The registrant hereby amends this registration statement on such date or dates
as may be necessary to delay its effective date until the registrant shall file
a further amendment which specifically states that this registration shall
thereafter become effective in accordance with Section 8(a) of the Securities
Act of 1933 or until the registration statement shall become effective on such
date as the Securities and Exchange Commission, acting pursuant to said Section
8(a), may determine.
<PAGE>
PART II: INFORMATION NOT REQUIRED IN PROSPECTUS
Item 24. Indemnification of Directors and Officers of Axia Federal Savings Bank,
and Liberty Bancorp, Inc.
Generally, federal regulations define areas for indemnity coverage for
federal savings associations, and proposed federal regulations define areas for
indemnity coverage for federal MHC subsidiary holding companies, as follows:
(a) Any person against whom any action is brought by reason of the
fact that such person is or was a director or officer of the savings
association shall be indemnified by the savings association for:
(i) Reasonable costs and expenses, including reasonable
attorneys' fees, actually paid or incurred by such person in
connection with proceedings related to the defense or settlement of
such action;
(ii) Any amount for which such person becomes liable by reason of
any judgment in such action;
(iii) Reasonable costs and expenses, including reasonable
attorneys' fees, actually paid or incurred in any action to enforce
his rights under this section, if the person attains a final judgment
in favor of such person in such enforcement action.

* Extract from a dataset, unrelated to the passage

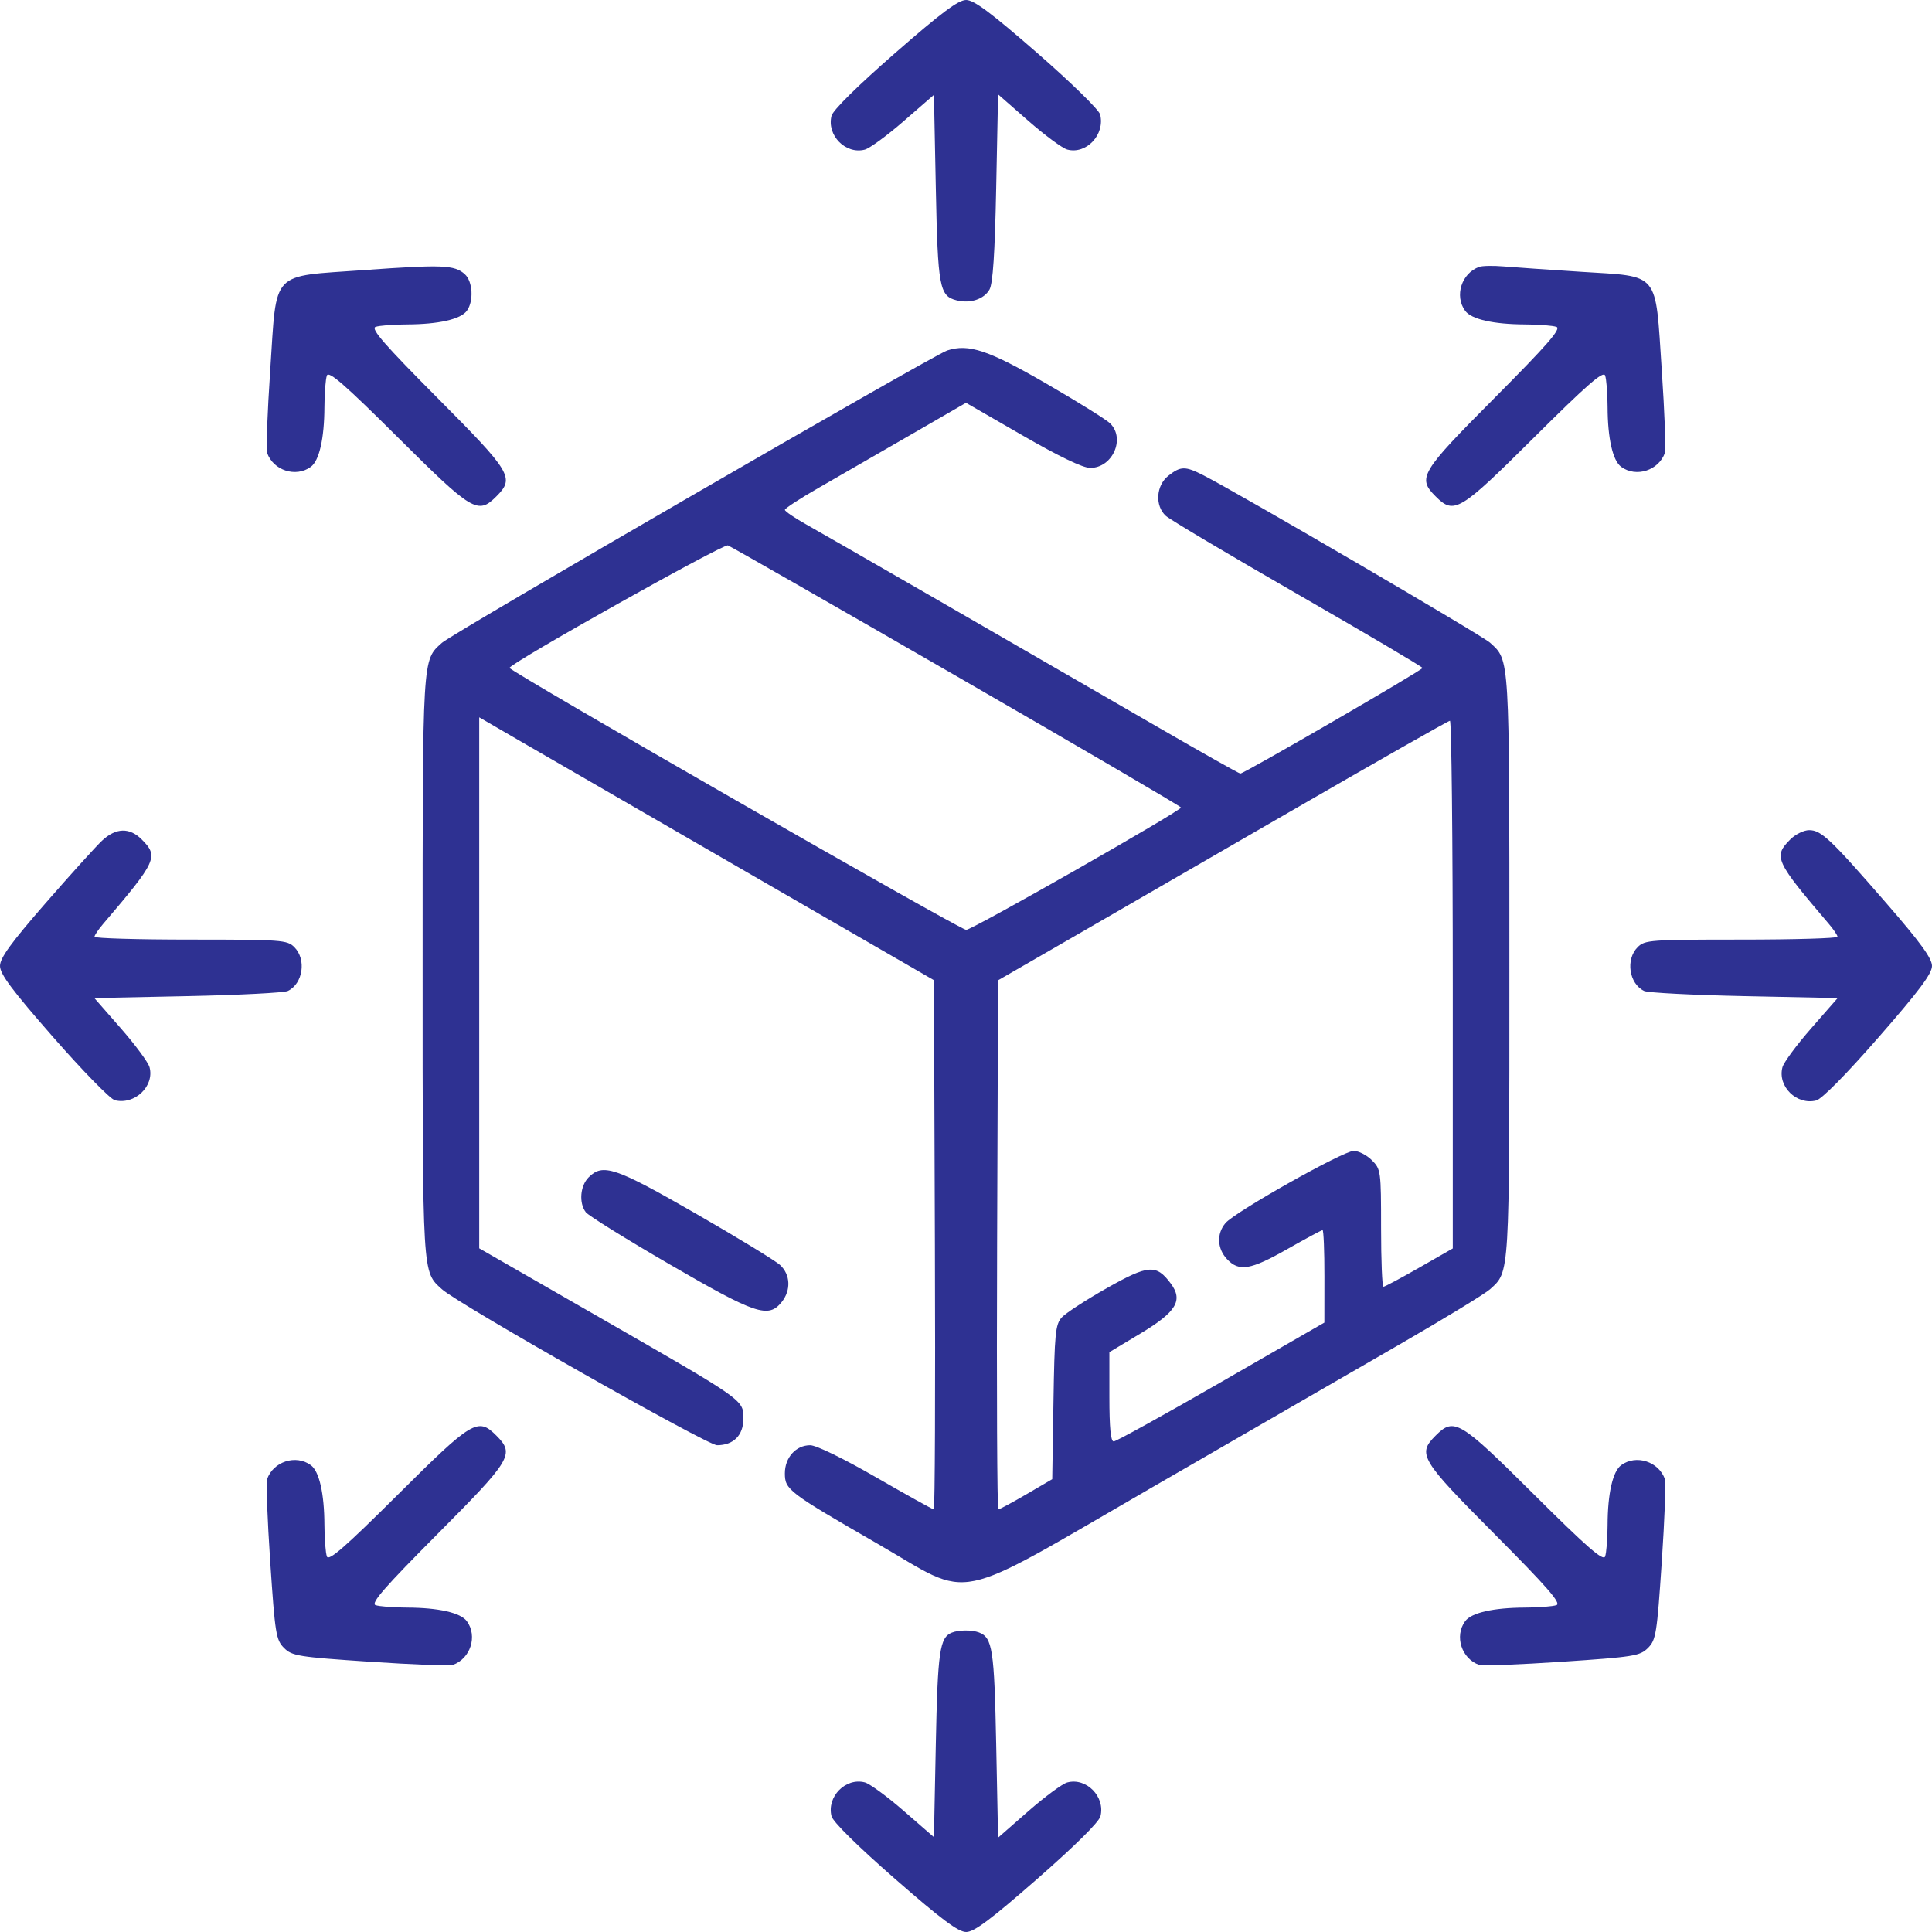 <?xml version="1.0" encoding="UTF-8"?> <svg xmlns="http://www.w3.org/2000/svg" width="240" height="240" viewBox="0 0 240 240" fill="none"><g clip-path="url(#clip0_503_6)"><path fill-rule="evenodd" clip-rule="evenodd" d="M111.16 6.62C106.503 10.689 103.472 13.682 103.294 14.389C102.687 16.809 105.043 19.204 107.426 18.587C108.025 18.432 110.203 16.837 112.266 15.042L116.016 11.779L116.25 23.35C116.5 35.701 116.699 36.773 118.842 37.311C120.526 37.733 122.229 37.174 122.916 35.971C123.339 35.231 123.585 31.502 123.75 23.321L123.984 11.72L127.734 15.002C129.797 16.807 131.975 18.415 132.574 18.576C134.949 19.215 137.291 16.72 136.663 14.22C136.517 13.636 133.038 10.237 128.849 6.584C123.096 1.568 120.993 0 120.017 0C119.041 0 116.939 1.571 111.16 6.62ZM45.261 33.548C33.472 34.397 34.413 33.399 33.572 45.946C33.218 51.223 33.04 55.858 33.176 56.246C33.947 58.447 36.754 59.351 38.608 57.995C39.663 57.224 40.287 54.479 40.301 50.546C40.307 48.827 40.447 47.071 40.611 46.642C40.841 46.043 42.87 47.814 49.429 54.338C58.7 63.56 59.365 63.959 61.662 61.662C63.959 59.365 63.56 58.7 54.338 49.429C47.814 42.87 46.043 40.841 46.642 40.611C47.071 40.447 48.827 40.307 50.546 40.301C54.479 40.287 57.224 39.663 57.995 38.608C58.868 37.414 58.732 34.958 57.742 34.063C56.471 32.911 54.972 32.85 45.261 33.548ZM183.75 33.151C181.553 33.942 180.653 36.758 182.005 38.608C182.776 39.663 185.521 40.287 189.454 40.301C191.173 40.307 192.93 40.447 193.358 40.611C193.957 40.841 192.186 42.87 185.662 49.429C176.44 58.7 176.041 59.365 178.338 61.662C180.635 63.959 181.3 63.56 190.571 54.338C197.13 47.814 199.159 46.043 199.389 46.642C199.553 47.071 199.693 48.827 199.699 50.546C199.713 54.479 200.337 57.224 201.392 57.995C203.246 59.351 206.053 58.447 206.824 56.246C206.96 55.858 206.782 51.223 206.428 45.946C205.599 33.572 206.278 34.397 196.401 33.762C192.408 33.506 188.086 33.206 186.797 33.097C185.508 32.987 184.137 33.011 183.75 33.151ZM117.656 43.541C115.949 44.099 56.22 78.658 54.901 79.851C52.447 82.07 52.5 81.177 52.5 120C52.5 158.822 52.446 157.921 54.901 160.156C56.932 162.006 87.841 179.531 89.071 179.531C91.12 179.531 92.344 178.303 92.344 176.247C92.344 173.876 92.649 174.09 74.414 163.619L59.531 155.071V122.09V89.108L65.508 92.577C68.795 94.484 81.504 101.832 93.75 108.905L116.016 121.763L116.136 154.632C116.202 172.71 116.14 187.5 115.997 187.5C115.855 187.5 112.63 185.707 108.83 183.516C104.796 181.189 101.392 179.531 100.648 179.531C98.873 179.531 97.5 181.053 97.5 183.023C97.5 185.051 97.922 185.372 108.984 191.754C121.095 198.741 117.727 199.433 143.208 184.715C154.549 178.164 168.363 170.186 173.906 166.985C179.449 163.784 184.486 160.71 185.1 160.153C187.553 157.925 187.5 158.822 187.5 120C187.5 81.179 187.554 82.083 185.1 79.84C184.101 78.928 153.949 61.316 149.496 59.044C147.227 57.887 146.671 57.893 145.141 59.097C143.603 60.307 143.443 62.821 144.824 64.083C145.328 64.544 152.708 68.93 161.223 73.828C169.737 78.727 176.708 82.844 176.711 82.978C176.719 83.24 154.541 96.094 154.08 96.094C153.928 96.094 149.309 93.493 143.816 90.315C124.063 78.886 102.839 66.653 100.195 65.171C98.713 64.34 97.5 63.514 97.5 63.335C97.5 63.156 99.346 61.95 101.602 60.655C103.858 59.36 108.92 56.442 112.852 54.17L120 50.039L127.01 54.082C131.565 56.709 134.513 58.125 135.429 58.125C138.196 58.125 139.823 54.511 137.916 52.604C137.457 52.145 133.906 49.93 130.025 47.683C122.788 43.492 120.326 42.668 117.656 43.541ZM118.895 84.037C134.19 92.86 146.706 100.184 146.708 100.312C146.717 100.732 120.764 115.514 120.019 115.513C119.278 115.512 63.293 83.391 63.299 82.969C63.306 82.409 89.831 67.528 90.426 67.75C90.788 67.885 103.599 75.215 118.895 84.037ZM180.469 122.309V155.086L176.311 157.465C174.025 158.773 172.021 159.844 171.858 159.844C171.696 159.844 171.562 156.565 171.562 152.557C171.562 145.445 171.535 145.242 170.412 144.12C169.779 143.487 168.766 142.969 168.16 142.969C166.853 142.969 153.409 150.541 152.227 151.943C151.113 153.264 151.195 155.105 152.425 156.415C153.92 158.006 155.34 157.768 159.933 155.156C162.2 153.867 164.162 152.812 164.293 152.812C164.424 152.812 164.528 155.396 164.524 158.555L164.518 164.297L151.702 171.68C144.653 175.74 138.645 179.062 138.349 179.062C137.976 179.062 137.812 177.37 137.812 173.516V167.97L141.653 165.665C146.131 162.977 147.002 161.546 145.437 159.443C143.634 157.021 142.656 157.093 137.471 160.029C134.886 161.493 132.376 163.126 131.893 163.659C131.108 164.526 131 165.63 130.864 174.188L130.712 183.749L127.501 185.625C125.735 186.656 124.167 187.5 124.017 187.5C123.867 187.5 123.798 172.712 123.864 154.637L123.984 121.775L132.188 117.045C136.699 114.443 149.25 107.19 160.078 100.928C170.906 94.666 179.924 89.54 180.117 89.537C180.311 89.534 180.469 104.281 180.469 122.309ZM12.694 104.414C11.933 105.123 8.766 108.626 5.655 112.198C1.341 117.152 0 119.001 0 119.995C0 121.002 1.506 123.017 6.621 128.858C10.263 133.016 13.699 136.532 14.257 136.672C16.723 137.291 19.21 134.931 18.576 132.574C18.415 131.975 16.807 129.797 15.002 127.734L11.721 123.984L23.321 123.743C29.701 123.61 35.297 123.322 35.755 123.102C37.64 122.198 38.087 119.181 36.562 117.656C35.674 116.768 35 116.719 23.672 116.719C17.098 116.719 11.726 116.56 11.736 116.367C11.745 116.174 12.219 115.468 12.79 114.799C19.494 106.94 19.736 106.412 17.599 104.276C16.095 102.771 14.406 102.818 12.694 104.414ZM222.401 104.276C220.264 106.412 220.506 106.94 227.21 114.799C227.781 115.468 228.255 116.174 228.264 116.367C228.274 116.56 222.902 116.719 216.328 116.719C205 116.719 204.326 116.768 203.438 117.656C201.913 119.181 202.36 122.198 204.245 123.102C204.703 123.322 210.299 123.61 216.679 123.743L228.279 123.984L224.998 127.734C223.193 129.797 221.585 131.975 221.424 132.574C220.786 134.946 223.186 137.314 225.611 136.706C226.318 136.528 229.311 133.497 233.38 128.84C238.394 123.101 240 120.955 240 119.995C240 119.048 238.573 117.084 234.344 112.215C227.404 104.224 226.242 103.125 224.737 103.125C224.085 103.125 223.034 103.643 222.401 104.276ZM73.125 146.25C72.067 147.308 71.894 149.437 72.773 150.588C73.096 151.011 77.789 153.929 83.203 157.073C93.871 163.267 95.442 163.798 97.092 161.76C98.277 160.297 98.202 158.349 96.914 157.152C96.334 156.613 91.608 153.729 86.412 150.743C76.422 145.001 74.892 144.483 73.125 146.25ZM49.429 185.662C42.87 192.186 40.841 193.957 40.611 193.358C40.447 192.93 40.307 191.173 40.301 189.454C40.287 185.521 39.663 182.776 38.608 182.005C36.754 180.649 33.947 181.552 33.176 183.754C33.04 184.142 33.218 188.777 33.572 194.054C34.169 202.968 34.291 203.722 35.284 204.716C36.278 205.71 37.032 205.831 45.946 206.428C51.223 206.782 55.858 206.96 56.246 206.824C58.447 206.053 59.351 203.246 57.995 201.392C57.224 200.337 54.479 199.713 50.546 199.699C48.827 199.693 47.071 199.553 46.642 199.389C46.043 199.159 47.814 197.13 54.338 190.571C63.56 181.3 63.959 180.635 61.662 178.338C59.365 176.041 58.7 176.44 49.429 185.662ZM178.338 178.338C176.041 180.635 176.44 181.3 185.662 190.571C192.186 197.13 193.957 199.159 193.358 199.389C192.93 199.553 191.173 199.693 189.454 199.699C185.521 199.713 182.776 200.337 182.005 201.392C180.649 203.246 181.552 206.053 183.754 206.824C184.142 206.96 188.777 206.782 194.054 206.428C202.968 205.831 203.722 205.71 204.716 204.716C205.71 203.722 205.831 202.968 206.428 194.054C206.782 188.777 206.96 184.142 206.824 183.754C206.053 181.552 203.246 180.649 201.392 182.005C200.337 182.776 199.713 185.521 199.699 189.454C199.693 191.173 199.553 192.93 199.389 193.358C199.159 193.957 197.13 192.186 190.571 185.662C181.3 176.44 180.635 176.041 178.338 178.338ZM118.237 202.812C116.73 203.42 116.483 205.135 116.25 216.65L116.016 228.221L112.266 224.958C110.203 223.163 108.025 221.568 107.426 221.413C105.043 220.796 102.687 223.191 103.294 225.611C103.472 226.318 106.503 229.311 111.16 233.38C116.958 238.445 119.04 240 120.024 240C121.009 240 123.08 238.451 128.861 233.391C133.537 229.297 136.522 226.34 136.703 225.622C137.314 223.187 134.951 220.785 132.574 221.424C131.975 221.585 129.797 223.193 127.734 224.998L123.984 228.28L123.75 216.679C123.512 204.889 123.288 203.431 121.615 202.79C120.744 202.455 119.095 202.466 118.237 202.812Z" fill="#2E3192"></path></g><defs><clipPath id="clip0_503_6"><rect width="240" height="240" fill="white"></rect></clipPath></defs></svg>

(b) Indemnification provided for in subparagraph (a) shall be made to
such officer or director only if the requirements of this subsection are
met:
(i) The savings association shall make the indemnification
provided by subparagraph (a) in connection with any such action which
results in a final judgment on the merits in favor of such officer or
director.
(ii) The savings association shall make the indemnification
provided by subparagraph (a) in case of settlement of such action,
final judgment against such director or officer or final judgment in
favor of such director or officer other than on the merits except in
relation to matters as to which he shall be adjudged to be liable for
negligence or misconduct in the performance of duty, only if a
majority of the directors of the savings association determines that
such a director or officer was acting in good faith within what he was
reasonably entitled to believe under the circumstances was the scope
of his employment or authority and for a purpose which he was
reasonably entitled to believe under the circumstances was in the best
interest of the savings association or its members.
(c) As used in this paragraph:
(i) "Action" means any action, suit or other judicial or
administrative proceeding, or threatened proceeding, whether civil,
criminal, or otherwise, including any appeal or other proceeding for
review;
(ii) "Court" includes, without limitation, any court to which or
in which any appeal or any proceeding for review is brought;
(iii) "Final Judgment" means a judgment, decree, or order which
is appealable and as to which the period for appeal has expired and no
appeal has been taken;
(iv) "Settlement" includes the entry of a judgment by consent or
by confession or upon a plea of guilty or of nolo contendere.
<PAGE>
Item 25. Other Expenses of Issuance and Distribution Amount
* Legal Fees and Expenses.............................. $ 90,000
* Printing, Postage, Mailing, EDGAR and Application
photocopying ...................................... 150,000
* Appraisal and Business Plan Fees and Expenses........ 25,000
* Accounting Fees and Expenses......................... 30,000
** Underwriter's Fees and Expenses...................... 175,000
* Filing Fees (NASD, OTS and SEC)...................... 65,000
* State Securities fees................................ 15,000
* Other Expenses....................................... 40,000
-----------
* Total ............................................... $ 600,000
===========
* Estimated
** Liberty Bancorp, Inc. has retained Ryan, Beck & Co. ("Ryan Beck") to assist
in the sale of common stock on best efforts basis in the Offerings.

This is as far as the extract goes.